**WORK ORDER**
The answer must consist of every line in the records that contains the word "bridge".

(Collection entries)
Content starts

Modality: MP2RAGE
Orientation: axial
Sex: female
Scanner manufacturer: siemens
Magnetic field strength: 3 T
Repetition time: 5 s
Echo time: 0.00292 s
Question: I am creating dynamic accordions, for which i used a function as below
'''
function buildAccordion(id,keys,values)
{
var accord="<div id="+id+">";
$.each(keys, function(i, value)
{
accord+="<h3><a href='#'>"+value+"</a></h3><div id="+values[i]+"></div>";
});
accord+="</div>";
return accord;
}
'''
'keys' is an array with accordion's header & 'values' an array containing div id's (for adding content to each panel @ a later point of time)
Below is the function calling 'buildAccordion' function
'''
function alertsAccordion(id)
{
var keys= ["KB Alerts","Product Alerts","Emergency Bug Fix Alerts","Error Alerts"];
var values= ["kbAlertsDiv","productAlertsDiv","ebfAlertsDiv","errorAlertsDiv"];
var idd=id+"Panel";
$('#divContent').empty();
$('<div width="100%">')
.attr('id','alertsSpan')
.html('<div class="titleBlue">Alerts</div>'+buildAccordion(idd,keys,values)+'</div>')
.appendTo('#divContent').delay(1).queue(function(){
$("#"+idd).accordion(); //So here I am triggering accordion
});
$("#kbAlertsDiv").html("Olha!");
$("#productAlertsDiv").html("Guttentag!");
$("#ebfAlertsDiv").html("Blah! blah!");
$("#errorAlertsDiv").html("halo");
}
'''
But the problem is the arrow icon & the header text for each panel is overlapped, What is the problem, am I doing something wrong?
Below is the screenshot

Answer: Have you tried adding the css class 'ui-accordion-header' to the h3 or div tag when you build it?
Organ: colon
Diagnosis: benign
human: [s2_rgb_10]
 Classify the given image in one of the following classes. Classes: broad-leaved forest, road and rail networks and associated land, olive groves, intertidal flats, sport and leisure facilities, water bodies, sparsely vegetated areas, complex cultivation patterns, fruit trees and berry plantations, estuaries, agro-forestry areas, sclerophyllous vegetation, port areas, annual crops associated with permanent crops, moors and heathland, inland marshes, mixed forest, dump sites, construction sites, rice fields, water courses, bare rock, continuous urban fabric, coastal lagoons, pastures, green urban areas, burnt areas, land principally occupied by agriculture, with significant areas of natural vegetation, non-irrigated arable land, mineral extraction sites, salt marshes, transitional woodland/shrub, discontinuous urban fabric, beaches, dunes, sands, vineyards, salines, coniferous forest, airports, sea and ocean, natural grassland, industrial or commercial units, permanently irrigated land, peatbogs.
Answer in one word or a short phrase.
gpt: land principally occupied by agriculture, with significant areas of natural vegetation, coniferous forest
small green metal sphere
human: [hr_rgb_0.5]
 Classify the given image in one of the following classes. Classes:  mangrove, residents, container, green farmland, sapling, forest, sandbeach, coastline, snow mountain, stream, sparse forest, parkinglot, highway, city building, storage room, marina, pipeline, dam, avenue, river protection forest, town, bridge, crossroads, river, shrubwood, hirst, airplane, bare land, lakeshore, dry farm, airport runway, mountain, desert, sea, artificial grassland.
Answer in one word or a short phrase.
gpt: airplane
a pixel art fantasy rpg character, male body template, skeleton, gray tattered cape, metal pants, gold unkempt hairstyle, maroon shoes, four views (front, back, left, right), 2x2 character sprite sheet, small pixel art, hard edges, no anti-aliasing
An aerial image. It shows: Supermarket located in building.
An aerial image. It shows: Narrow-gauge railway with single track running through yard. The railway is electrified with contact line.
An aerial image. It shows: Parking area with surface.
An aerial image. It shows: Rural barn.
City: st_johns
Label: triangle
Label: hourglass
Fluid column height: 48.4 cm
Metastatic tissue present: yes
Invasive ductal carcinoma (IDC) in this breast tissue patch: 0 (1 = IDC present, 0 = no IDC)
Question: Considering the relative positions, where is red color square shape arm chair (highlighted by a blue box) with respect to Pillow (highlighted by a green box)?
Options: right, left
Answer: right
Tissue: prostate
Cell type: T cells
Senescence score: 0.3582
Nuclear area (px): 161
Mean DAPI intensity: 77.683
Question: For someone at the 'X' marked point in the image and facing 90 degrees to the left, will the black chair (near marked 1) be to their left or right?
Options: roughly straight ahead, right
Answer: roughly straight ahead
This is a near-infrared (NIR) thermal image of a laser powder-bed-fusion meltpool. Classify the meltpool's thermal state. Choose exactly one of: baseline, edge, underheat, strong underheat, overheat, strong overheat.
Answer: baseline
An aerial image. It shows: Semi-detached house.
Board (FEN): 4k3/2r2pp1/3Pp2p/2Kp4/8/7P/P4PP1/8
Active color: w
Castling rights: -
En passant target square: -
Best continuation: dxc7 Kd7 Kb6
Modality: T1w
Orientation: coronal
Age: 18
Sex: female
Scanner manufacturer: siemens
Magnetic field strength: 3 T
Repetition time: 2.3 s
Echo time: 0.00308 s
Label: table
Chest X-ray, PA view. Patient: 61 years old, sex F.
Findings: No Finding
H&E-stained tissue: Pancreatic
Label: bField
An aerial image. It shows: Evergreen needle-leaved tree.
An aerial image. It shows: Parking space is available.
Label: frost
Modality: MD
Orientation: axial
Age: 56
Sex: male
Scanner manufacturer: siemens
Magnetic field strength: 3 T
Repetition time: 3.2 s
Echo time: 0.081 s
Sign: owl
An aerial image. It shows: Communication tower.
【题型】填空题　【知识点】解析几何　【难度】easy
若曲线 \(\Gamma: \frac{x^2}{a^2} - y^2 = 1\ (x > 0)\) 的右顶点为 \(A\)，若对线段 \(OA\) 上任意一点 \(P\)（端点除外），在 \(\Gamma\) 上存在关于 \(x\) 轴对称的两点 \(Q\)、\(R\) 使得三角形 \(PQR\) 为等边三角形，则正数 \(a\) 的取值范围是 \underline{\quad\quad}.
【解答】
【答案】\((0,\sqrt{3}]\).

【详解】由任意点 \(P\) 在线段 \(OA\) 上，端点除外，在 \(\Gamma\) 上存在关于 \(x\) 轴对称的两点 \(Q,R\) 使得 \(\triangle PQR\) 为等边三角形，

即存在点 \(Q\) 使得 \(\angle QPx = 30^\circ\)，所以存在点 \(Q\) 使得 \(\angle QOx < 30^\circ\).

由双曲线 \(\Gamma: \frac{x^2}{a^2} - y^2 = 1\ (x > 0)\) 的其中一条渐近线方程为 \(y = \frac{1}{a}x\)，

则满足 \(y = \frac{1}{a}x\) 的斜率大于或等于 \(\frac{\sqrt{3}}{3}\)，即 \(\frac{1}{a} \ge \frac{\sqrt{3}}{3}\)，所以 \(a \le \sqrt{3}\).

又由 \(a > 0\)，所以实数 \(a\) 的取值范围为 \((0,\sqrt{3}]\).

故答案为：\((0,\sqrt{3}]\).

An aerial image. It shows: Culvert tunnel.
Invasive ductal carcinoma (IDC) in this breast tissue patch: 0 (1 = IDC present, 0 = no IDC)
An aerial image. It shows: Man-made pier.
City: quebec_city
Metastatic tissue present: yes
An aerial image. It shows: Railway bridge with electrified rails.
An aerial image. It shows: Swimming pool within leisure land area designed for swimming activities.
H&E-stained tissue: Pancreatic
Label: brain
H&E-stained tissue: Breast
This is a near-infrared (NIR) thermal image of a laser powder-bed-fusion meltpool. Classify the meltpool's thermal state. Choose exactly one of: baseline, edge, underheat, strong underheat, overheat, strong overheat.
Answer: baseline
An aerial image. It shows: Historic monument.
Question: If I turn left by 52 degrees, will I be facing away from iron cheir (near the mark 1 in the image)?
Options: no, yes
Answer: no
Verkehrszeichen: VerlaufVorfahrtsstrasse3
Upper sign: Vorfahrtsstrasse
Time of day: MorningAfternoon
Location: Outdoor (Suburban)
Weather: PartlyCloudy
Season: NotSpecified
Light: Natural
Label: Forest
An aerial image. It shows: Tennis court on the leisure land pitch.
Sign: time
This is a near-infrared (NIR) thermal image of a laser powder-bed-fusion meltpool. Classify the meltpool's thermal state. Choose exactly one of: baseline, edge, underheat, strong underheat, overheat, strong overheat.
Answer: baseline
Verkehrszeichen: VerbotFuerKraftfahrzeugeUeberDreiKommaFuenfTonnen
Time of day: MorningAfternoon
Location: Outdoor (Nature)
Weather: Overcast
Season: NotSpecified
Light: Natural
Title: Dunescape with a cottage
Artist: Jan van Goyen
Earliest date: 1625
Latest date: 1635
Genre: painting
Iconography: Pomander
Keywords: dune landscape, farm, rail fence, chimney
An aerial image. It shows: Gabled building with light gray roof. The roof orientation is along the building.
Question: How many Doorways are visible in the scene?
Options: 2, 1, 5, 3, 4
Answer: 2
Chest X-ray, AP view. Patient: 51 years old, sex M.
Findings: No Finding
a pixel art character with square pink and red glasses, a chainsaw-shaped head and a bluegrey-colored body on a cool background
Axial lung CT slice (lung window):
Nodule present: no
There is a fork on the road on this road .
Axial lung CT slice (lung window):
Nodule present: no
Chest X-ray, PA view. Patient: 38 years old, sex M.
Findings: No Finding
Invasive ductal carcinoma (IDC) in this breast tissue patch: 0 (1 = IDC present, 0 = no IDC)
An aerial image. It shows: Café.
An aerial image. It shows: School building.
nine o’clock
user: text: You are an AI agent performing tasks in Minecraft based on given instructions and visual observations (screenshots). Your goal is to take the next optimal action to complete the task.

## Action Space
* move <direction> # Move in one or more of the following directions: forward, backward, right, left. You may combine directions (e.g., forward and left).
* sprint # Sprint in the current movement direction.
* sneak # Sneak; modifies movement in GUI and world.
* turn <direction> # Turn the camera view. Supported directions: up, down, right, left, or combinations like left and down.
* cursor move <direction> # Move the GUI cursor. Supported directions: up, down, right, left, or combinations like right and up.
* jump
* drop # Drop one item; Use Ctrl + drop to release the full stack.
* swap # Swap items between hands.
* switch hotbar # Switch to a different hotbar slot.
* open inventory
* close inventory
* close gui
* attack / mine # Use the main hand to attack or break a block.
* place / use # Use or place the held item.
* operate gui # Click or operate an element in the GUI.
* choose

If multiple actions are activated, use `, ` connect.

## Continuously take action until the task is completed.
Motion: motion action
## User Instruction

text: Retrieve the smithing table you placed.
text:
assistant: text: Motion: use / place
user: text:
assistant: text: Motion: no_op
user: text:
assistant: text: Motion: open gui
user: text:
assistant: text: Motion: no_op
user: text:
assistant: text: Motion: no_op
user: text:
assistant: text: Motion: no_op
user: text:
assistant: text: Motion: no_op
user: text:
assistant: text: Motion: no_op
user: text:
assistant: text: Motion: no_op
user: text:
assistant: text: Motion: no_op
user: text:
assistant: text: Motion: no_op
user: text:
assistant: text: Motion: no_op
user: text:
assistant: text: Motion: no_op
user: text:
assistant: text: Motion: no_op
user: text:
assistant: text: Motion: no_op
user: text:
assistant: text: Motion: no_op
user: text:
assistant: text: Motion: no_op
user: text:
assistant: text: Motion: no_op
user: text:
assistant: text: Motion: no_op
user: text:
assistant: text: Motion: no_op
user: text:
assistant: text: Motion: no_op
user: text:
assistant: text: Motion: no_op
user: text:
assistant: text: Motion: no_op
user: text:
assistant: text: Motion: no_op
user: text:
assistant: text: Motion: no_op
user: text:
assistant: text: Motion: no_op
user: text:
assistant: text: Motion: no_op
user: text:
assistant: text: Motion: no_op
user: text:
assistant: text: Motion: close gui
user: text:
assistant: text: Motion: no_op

Content ends

**ANSWER TO THIS TASK**
 Classify the given image in one of the following classes. Classes:  mangrove, residents, container, green farmland, sapling, forest, sandbeach, coastline, snow mountain, stream, sparse forest, parkinglot, highway, city building, storage room, marina, pipeline, dam, avenue, river protection forest, town, bridge, crossroads, river, shrubwood, hirst, airplane, bare land, lakeshore, dry farm, airport runway, mountain, desert, sea, artificial grassland.
An aerial image. It shows: Railway bridge with electrified rails.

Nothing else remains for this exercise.